CHARLESTON, W.Va. – Delegate Jill Upson, R-Jefferson, said today a recent report from the state Department of Health and Human Resources raises concerns about out-of-state spending of Supplemental Nutrition Assistance Program and Temporary Assistance for Needy Families benefits.
In December, Upson asked DHHR Secretary Karen Bowling and her staff for a report detailing out-of-state transactions and spending by recipients of those benefits.
“I have been working since the summer on welfare reform issues to ensure the dollars available through public assistance programs are going to those who need them most,” Upson said. “As a representative of a border county, I was also interested in finding out what amount of these benefits provided to state residents was being spent out of state.”
The report found that, between Nov. 1, 2014, and Oct. 31, 2015, that more than $52.5 million of the $457.2 million of SNAP benefits provided during that time frame – roughly 11.5 percent, or 1,250,891 transactions – were spent out of state. With regard to TANF benefits, nearly $2.2 million, of the nearly $29.5 million in benefits provided, or 7.3 percent, were out spent out of state.
While the large majority of that out-of-state spending occurred in states bordering West Virginia – including roughly 90 percent of SNAP benefits – the report also found significant amounts of money spent in states and territories far away from West Virginia.
The report found more than $1 million of SNAP benefits were spent in Florida (27,347 transactions), $1 million in North Carolina (32,870 transactions) and more than $580,000 spent in South Carolina (17,250 transactions). Even smaller, but notable, amounts were spent in other far off locations, including $85,614.44 in California (2,803 transactions); $3,410.05 in Hawaii (146 transactions) and $1,695.25 in the U.S. Virgin Islands (33 transactions).

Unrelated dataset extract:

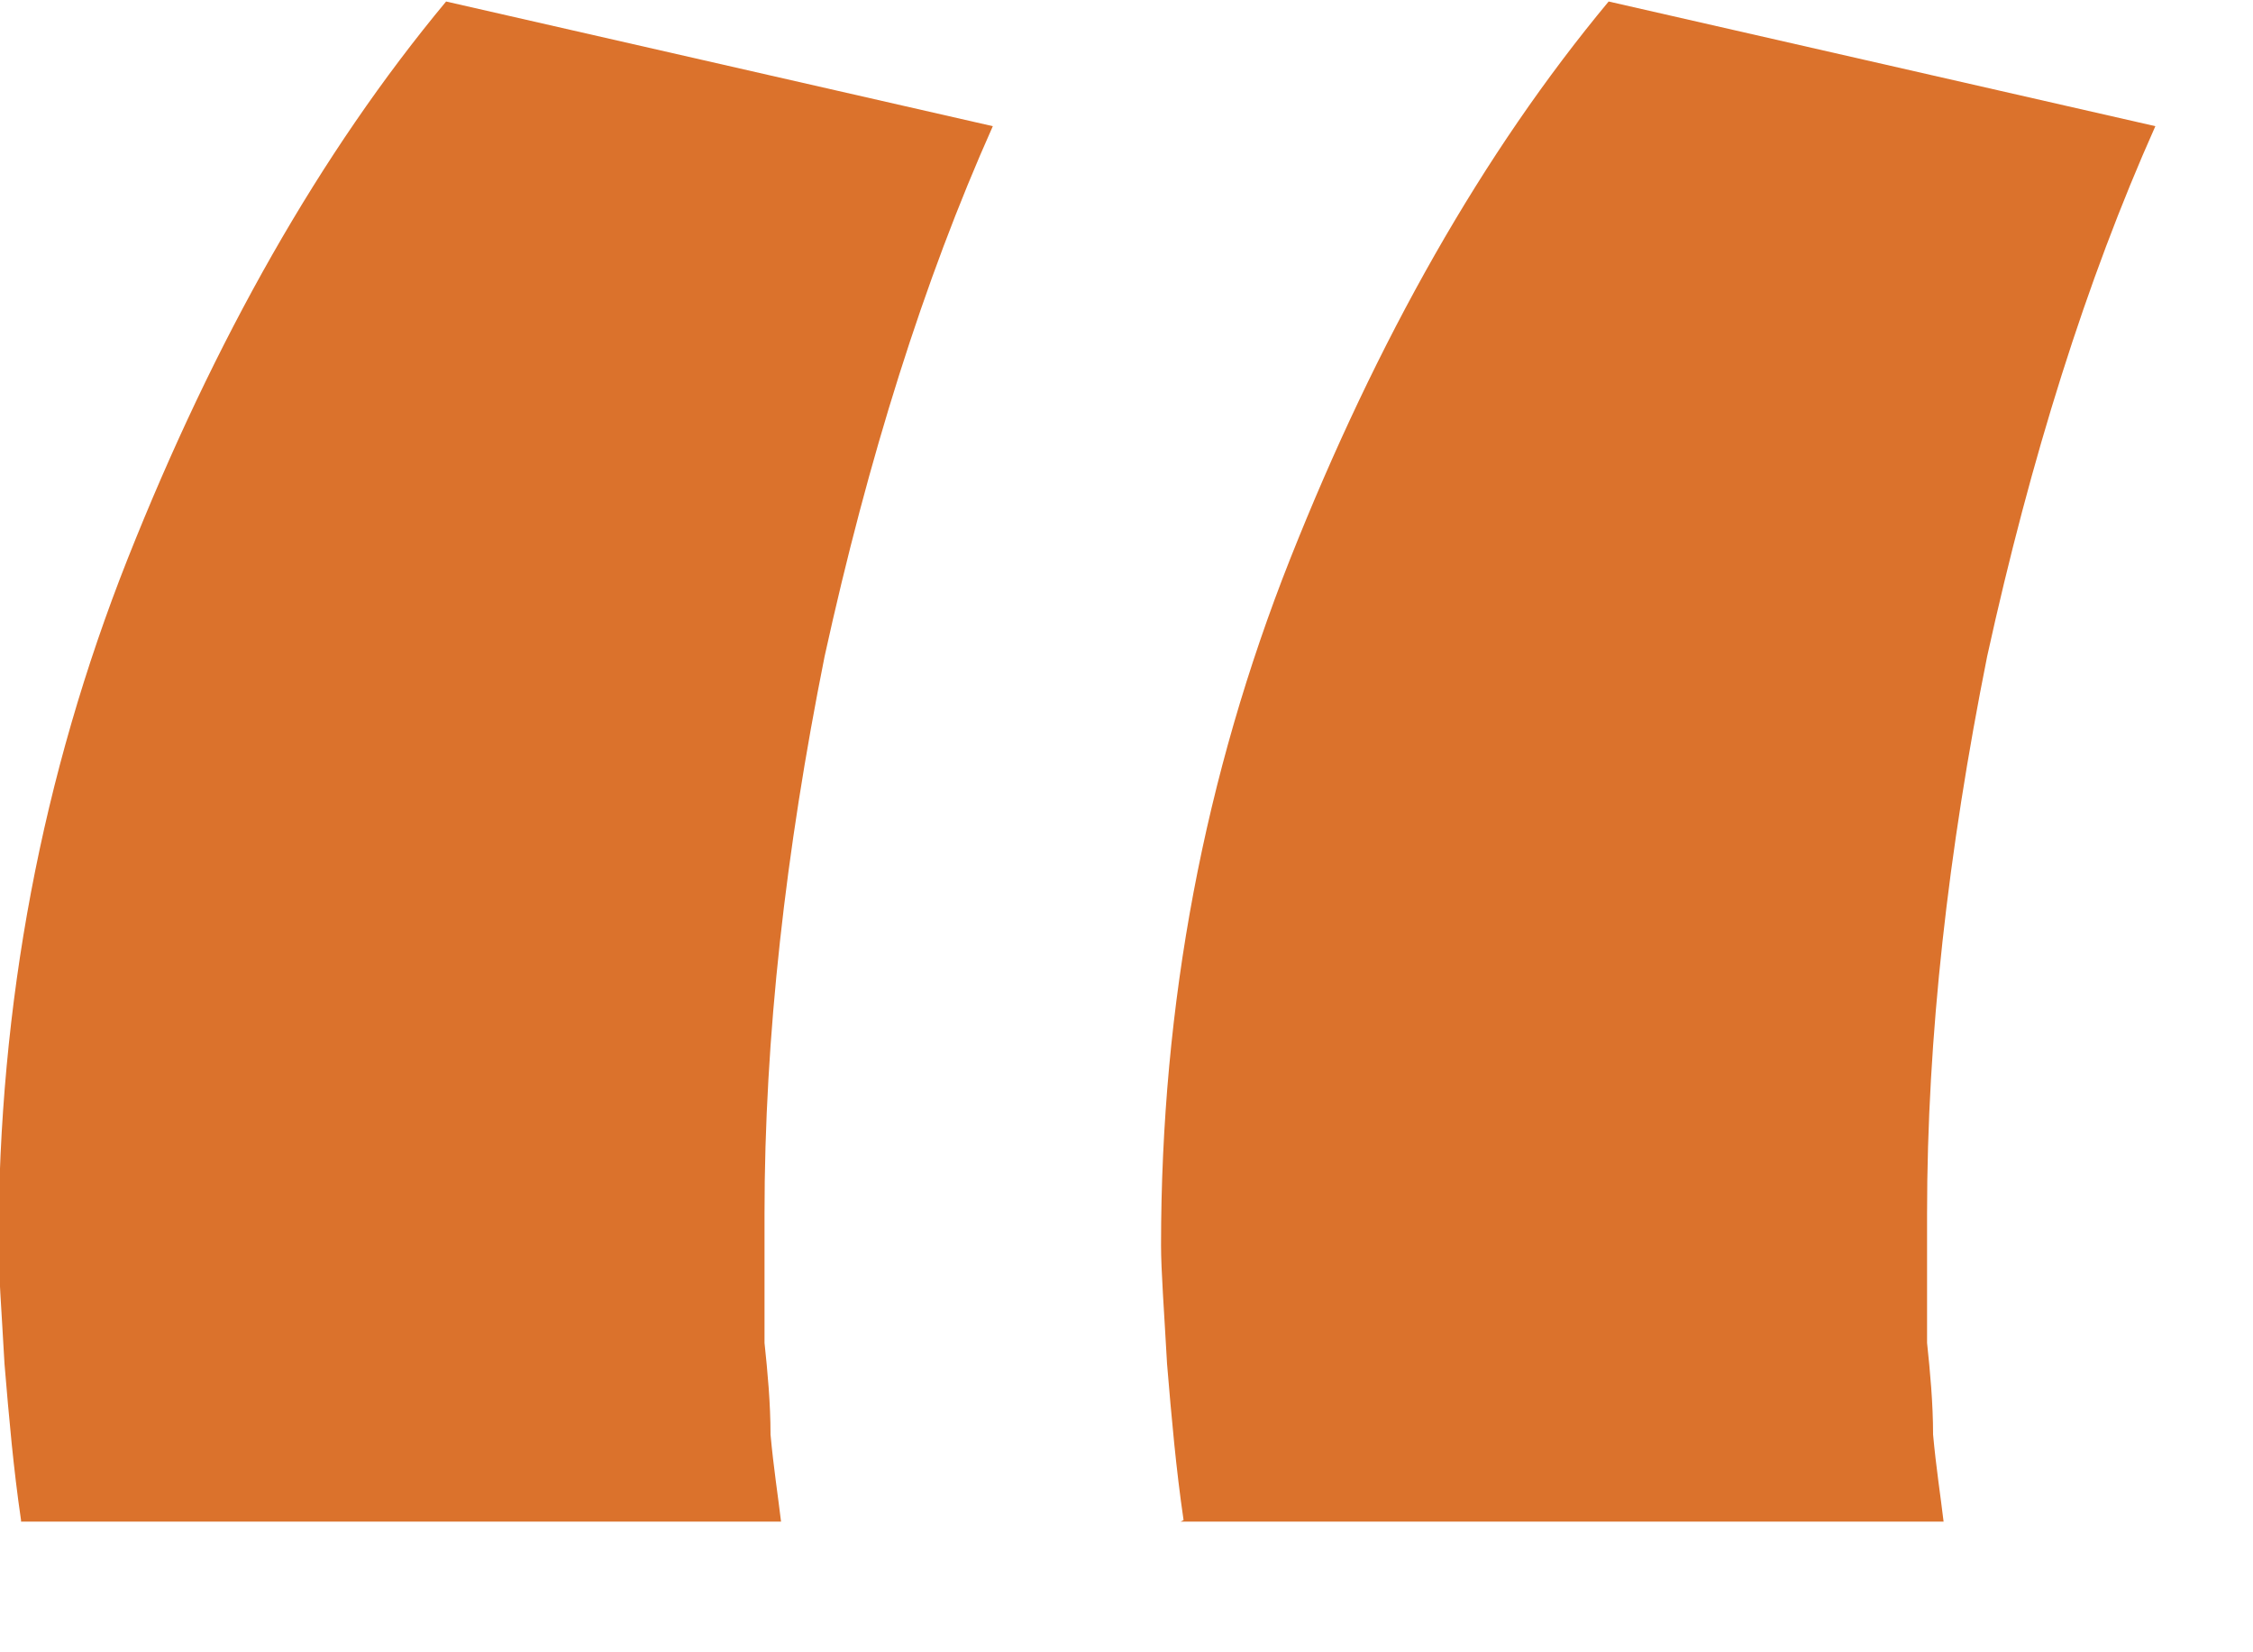 <svg width="15" height="11" viewBox="0 0 15 11" fill="none" xmlns="http://www.w3.org/2000/svg">
<path d="M0.14 10.12C0.09 9.78 0.06 9.44 0.03 9.08C0.01 8.72 -0.01 8.46 -0.01 8.29C-0.01 6.68 0.28 5.16 0.85 3.72C1.43 2.26 2.13 1.02 2.97 0.01L6.61 0.84C6.15 1.87 5.78 3.05 5.49 4.37C5.23 5.67 5.09 6.9 5.09 8.08V8.94C5.11 9.13 5.13 9.34 5.13 9.55C5.15 9.77 5.18 9.96 5.2 10.13H0.14V10.12ZM7.88 10.12C7.83 9.78 7.8 9.44 7.77 9.08C7.75 8.72 7.73 8.46 7.73 8.29C7.73 6.68 8.02 5.16 8.59 3.72C9.17 2.26 9.87 1.02 10.71 0.01L14.35 0.84C13.89 1.87 13.52 3.05 13.23 4.37C12.97 5.67 12.83 6.9 12.83 8.08V8.94C12.85 9.13 12.87 9.34 12.87 9.55C12.89 9.77 12.92 9.96 12.94 10.13H7.86L7.88 10.12Z" fill="#DB722C"/>
</svg>

U.S. Department of Agriculture Food and Nutrition Service rules mandate nationwide interoperability and portability of electronically-issued food stamp benefits, so state lawmakers cannot ban out-of-state spending of these benefits. However, Upson said the data could be beneficial in other ways.
“This report raises red flags that might help us identify possible waste, fraud or abuse of these benefits,” Upson said. “While it’s understandable that large amounts of money may be spent in our border states, the fact that so much money is spent in far-off and popular vacation destinations is concerning.”
Upson is the lead sponsor of House Bill 4454, the Welfare Fraud Prevention Act, which was introduced Tuesday. Also co-sponsoring the bill are Delegates Paul Espinosa (R-Jefferson), Anna Border-Sheppard (R-Wood), John Shott (R-Mercer), Eric Householder (R-Berkeley), John O'Neal (R-Raleigh), Saira Blair (R-Berkeley), Pat McGeehan (R-Hancock), Michael Ihle (R-Jackson), Brian Kurcaba (R-Monongalia) and Joe Statler (R-Monongalia).
“I want to thank Secretary Bowling and DHHR for their assistance in gathering this data and helping us get a better picture of how these benefits are spent,” Upson said. “We need to make sure DHHR has all the tools it needs to meet the needs of West Virginians as well as root out potential abuses of the system.”